* Work instructions *
Retype exactly the lines that run from the start of the data to the line holding "Table 1. Result", including both, and only those.

(Stored records)
>>

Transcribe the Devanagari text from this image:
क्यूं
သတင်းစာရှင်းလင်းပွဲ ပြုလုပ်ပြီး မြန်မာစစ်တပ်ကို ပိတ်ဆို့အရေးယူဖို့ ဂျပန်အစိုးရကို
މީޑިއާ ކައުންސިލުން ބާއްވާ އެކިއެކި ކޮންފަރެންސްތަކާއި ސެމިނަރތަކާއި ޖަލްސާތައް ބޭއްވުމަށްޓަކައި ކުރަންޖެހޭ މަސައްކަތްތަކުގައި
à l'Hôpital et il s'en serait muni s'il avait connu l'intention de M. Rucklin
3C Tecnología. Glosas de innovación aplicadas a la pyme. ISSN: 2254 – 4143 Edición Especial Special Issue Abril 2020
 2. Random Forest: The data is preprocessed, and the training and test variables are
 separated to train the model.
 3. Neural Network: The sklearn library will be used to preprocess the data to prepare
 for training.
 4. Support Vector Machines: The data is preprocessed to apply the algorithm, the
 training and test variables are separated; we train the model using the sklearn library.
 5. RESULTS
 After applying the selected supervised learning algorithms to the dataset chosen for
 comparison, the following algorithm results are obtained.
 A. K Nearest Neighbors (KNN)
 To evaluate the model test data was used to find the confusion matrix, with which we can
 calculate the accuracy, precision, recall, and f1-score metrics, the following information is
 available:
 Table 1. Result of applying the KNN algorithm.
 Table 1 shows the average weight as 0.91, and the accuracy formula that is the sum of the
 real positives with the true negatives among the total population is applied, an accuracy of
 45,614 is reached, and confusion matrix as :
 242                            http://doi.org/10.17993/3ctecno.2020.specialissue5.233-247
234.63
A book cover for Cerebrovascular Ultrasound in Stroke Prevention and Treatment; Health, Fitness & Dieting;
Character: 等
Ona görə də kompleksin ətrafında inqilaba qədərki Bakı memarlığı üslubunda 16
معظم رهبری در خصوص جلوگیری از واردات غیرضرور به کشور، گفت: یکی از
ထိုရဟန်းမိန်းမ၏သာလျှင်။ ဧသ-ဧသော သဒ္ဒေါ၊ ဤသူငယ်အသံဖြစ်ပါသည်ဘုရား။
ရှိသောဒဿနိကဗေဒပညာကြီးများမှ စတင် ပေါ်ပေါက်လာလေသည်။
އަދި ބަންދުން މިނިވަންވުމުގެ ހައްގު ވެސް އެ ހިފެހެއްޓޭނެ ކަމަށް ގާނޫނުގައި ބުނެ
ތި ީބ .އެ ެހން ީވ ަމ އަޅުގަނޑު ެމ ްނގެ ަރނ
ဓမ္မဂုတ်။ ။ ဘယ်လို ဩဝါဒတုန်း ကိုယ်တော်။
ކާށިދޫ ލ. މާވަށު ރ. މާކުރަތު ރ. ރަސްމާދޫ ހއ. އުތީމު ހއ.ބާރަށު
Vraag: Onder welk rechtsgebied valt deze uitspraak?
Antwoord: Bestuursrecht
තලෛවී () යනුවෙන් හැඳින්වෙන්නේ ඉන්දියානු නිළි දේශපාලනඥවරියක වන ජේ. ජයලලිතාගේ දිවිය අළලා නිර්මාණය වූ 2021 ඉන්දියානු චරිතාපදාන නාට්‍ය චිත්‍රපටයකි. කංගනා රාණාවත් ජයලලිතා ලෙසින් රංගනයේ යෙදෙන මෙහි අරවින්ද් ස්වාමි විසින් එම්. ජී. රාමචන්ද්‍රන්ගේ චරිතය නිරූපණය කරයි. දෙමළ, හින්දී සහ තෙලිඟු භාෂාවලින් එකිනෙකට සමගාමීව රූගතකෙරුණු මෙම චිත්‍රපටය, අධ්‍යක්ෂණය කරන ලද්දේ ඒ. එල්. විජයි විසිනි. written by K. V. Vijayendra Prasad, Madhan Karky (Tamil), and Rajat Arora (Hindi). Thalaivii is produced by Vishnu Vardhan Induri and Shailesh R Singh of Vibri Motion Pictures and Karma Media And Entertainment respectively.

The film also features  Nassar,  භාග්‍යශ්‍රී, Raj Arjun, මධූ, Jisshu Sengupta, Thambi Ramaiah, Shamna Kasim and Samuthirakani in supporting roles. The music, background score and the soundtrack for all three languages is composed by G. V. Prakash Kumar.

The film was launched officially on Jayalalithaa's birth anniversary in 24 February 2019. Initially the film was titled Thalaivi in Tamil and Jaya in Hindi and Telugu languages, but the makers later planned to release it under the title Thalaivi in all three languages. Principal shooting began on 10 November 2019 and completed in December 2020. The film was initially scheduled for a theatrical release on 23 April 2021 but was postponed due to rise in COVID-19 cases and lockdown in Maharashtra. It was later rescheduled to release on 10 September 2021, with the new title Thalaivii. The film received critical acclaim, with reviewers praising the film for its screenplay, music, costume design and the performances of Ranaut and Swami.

<<

* Exercise output *
Transcribe the Devanagari text from this image:
क्यूं
သတင်းစာရှင်းလင်းပွဲ ပြုလုပ်ပြီး မြန်မာစစ်တပ်ကို ပိတ်ဆို့အရေးယူဖို့ ဂျပန်အစိုးရကို
މީޑިއާ ކައުންސިލުން ބާއްވާ އެކިއެކި ކޮންފަރެންސްތަކާއި ސެމިނަރތަކާއި ޖަލްސާތައް ބޭއްވުމަށްޓަކައި ކުރަންޖެހޭ މަސައްކަތްތަކުގައި
à l'Hôpital et il s'en serait muni s'il avait connu l'intention de M. Rucklin
3C Tecnología. Glosas de innovación aplicadas a la pyme. ISSN: 2254 – 4143 Edición Especial Special Issue Abril 2020
 2. Random Forest: The data is preprocessed, and the training and test variables are
 separated to train the model.
 3. Neural Network: The sklearn library will be used to preprocess the data to prepare
 for training.
 4. Support Vector Machines: The data is preprocessed to apply the algorithm, the
 training and test variables are separated; we train the model using the sklearn library.
 5. RESULTS
 After applying the selected supervised learning algorithms to the dataset chosen for
 comparison, the following algorithm results are obtained.
 A. K Nearest Neighbors (KNN)
 To evaluate the model test data was used to find the confusion matrix, with which we can
 calculate the accuracy, precision, recall, and f1-score metrics, the following information is
 available:
 Table 1. Result of applying the KNN algorithm.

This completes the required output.